Viewing 8 replies - 1 through 8 (of 8 total)
  • Plugin Contributor Chris Dillon

    (@cdillon27)

    I apologize for the delay in responding.

    You could try setting the error_reporting in php.ini directly.

    I have run across some plugins that temporarilty change the error_reporting level while they perform some function then restore the value. I don’t remember which plugins but that may be why your notices are still appearing in the log file.

    If you’re getting a ton of notices then I recommend cloning the site to a dev or local server, disabling all plugins, selecting a default theme like TwentySixteen, and activating plugins one by one until you encounter the problem you’re trying to isolate.

    Contact me at wpmission.com if you want any help. I actually enjoy this kind of detective work.

    Thread Starter thewoosh

    (@thewoosh)

    Hi Chris
    Thanks for responding
    Yeah I already tried changing the error_reporting value in the php.ini file – this had no effect. The implication from other strands I have been looking at is that the WP_DEBUG is not affected by error_reporting settings, but I could be wrong.
    There is really no clear guidelines about this anywhere that I can find. It means that WP_DEBUG is pretty much useless- there is at leats one plugin firing off 50 NOTICEs a second and filling the logs…
    Maybe if you can check to see if error_reporting level effects WP_DEBUG output on a setup you have?

    It seems to me that the biggest problem with WordPress is a lack of debugging tools – everytime I upgrade, something breaks (I am running a multisite with a fair number of sites on it). These are all production sites and the only response I get from anywhere is to switch off all the plugins, set the theme to 20nn, blah blah…. This is not an option – I just need to be able to see what is going wrong and where, but I reach a dead-end…

    Sorry for the rant ??

    Plugin Contributor Chris Dillon

    (@cdillon27)

    I just discovered something that may help you.
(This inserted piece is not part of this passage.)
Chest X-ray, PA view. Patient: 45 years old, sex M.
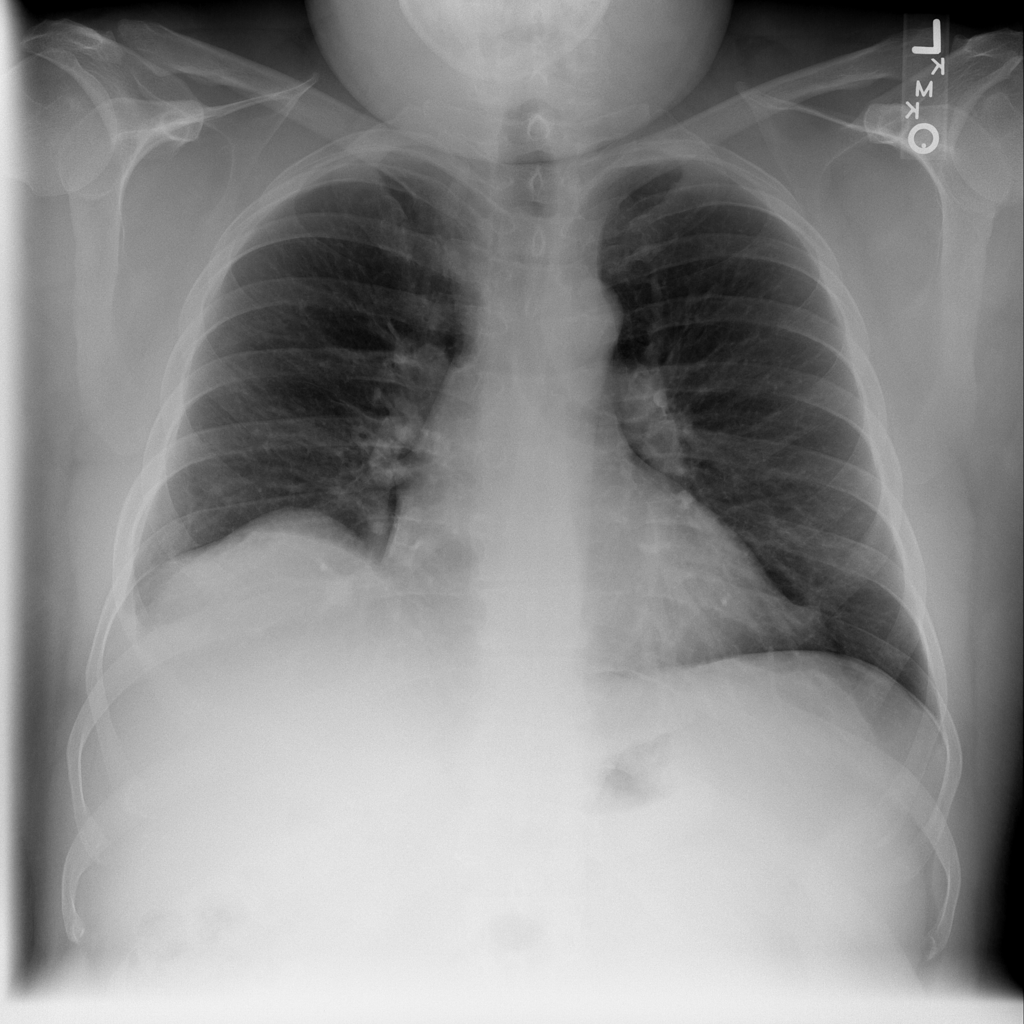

    Calling _doing_it_wrong will use the native PHP function trigger_error with E_USER_NOTICE by default which starts its log message with “PHP Notice:” just like E_NOTICE, possibly making you think that your error reporting setting is not taking effect.

    To verify that run-time notices were disabled, I added the function from this thread to var_dump the reporting level (with E_ALL exploded) and it matched the error_reporting( E_ALL & ~E_NOTICE ); in my mu-plugin.

    I then set error_reporting( E_ALL & ~E_NOTICE & ~E_USER_NOTICE ); and the log entries stopped.

    So, it would seem you have a plugin that is calling _doing_it_wrong a lot. Disabling those minor user notices should help trim down your log file while you work on the major issues.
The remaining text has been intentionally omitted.